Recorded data

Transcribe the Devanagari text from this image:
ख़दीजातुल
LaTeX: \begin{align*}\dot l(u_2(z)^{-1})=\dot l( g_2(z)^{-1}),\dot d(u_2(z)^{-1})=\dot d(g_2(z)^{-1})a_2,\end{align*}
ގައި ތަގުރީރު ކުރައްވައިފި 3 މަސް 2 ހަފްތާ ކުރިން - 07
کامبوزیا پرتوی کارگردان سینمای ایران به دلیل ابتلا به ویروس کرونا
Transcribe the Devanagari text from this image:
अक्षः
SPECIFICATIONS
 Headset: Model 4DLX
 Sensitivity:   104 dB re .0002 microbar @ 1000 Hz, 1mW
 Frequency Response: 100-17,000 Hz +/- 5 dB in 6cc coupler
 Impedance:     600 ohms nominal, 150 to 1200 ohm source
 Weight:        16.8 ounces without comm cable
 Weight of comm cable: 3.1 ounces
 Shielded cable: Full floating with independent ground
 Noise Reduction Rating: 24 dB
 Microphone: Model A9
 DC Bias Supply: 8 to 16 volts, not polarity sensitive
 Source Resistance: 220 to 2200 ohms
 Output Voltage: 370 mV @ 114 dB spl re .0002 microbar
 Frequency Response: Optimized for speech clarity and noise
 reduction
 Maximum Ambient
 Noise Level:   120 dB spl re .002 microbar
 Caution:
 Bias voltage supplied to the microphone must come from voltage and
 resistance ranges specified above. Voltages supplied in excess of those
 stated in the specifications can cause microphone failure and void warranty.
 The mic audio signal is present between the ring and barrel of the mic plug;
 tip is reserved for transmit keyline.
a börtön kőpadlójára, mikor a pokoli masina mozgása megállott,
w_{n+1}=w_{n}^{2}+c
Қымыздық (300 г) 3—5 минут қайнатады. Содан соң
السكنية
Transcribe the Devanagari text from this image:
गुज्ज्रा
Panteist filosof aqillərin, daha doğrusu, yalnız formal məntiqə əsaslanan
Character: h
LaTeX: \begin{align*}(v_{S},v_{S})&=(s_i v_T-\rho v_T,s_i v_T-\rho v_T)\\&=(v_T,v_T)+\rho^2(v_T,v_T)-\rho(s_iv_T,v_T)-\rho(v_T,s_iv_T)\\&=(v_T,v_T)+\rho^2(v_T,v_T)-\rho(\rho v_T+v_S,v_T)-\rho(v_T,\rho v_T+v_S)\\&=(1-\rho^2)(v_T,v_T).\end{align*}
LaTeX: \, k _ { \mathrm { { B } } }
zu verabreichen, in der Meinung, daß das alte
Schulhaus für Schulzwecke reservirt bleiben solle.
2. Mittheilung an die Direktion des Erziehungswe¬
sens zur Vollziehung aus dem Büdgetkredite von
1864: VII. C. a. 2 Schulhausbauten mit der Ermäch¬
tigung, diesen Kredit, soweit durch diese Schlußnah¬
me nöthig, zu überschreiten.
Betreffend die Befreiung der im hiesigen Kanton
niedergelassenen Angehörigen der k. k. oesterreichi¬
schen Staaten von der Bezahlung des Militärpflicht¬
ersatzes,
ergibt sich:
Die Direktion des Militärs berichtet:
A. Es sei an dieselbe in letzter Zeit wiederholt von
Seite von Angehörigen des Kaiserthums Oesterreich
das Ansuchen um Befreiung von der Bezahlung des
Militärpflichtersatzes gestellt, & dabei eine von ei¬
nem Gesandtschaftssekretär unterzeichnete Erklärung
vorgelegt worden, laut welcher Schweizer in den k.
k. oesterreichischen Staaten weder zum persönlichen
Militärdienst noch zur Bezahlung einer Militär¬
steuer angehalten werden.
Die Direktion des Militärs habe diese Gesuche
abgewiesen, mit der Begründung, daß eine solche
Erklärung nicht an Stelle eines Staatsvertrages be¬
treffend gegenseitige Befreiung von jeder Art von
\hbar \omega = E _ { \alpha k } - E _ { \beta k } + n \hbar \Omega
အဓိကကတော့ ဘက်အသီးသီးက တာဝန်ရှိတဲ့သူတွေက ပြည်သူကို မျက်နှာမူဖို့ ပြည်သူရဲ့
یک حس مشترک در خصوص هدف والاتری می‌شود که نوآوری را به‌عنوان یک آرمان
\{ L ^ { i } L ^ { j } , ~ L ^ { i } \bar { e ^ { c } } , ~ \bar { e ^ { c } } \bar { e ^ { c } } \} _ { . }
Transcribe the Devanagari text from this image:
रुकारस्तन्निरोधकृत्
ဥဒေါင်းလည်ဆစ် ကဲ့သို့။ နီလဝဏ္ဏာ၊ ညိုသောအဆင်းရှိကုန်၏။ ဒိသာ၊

* _Exercise requirements_: Show all of the lines above in which "Frequency" is present.

* _Solution to the exercise_:
 Frequency Response: 100-17,000 Hz +/- 5 dB in 6cc coupler
 Frequency Response: Optimized for speech clarity and noise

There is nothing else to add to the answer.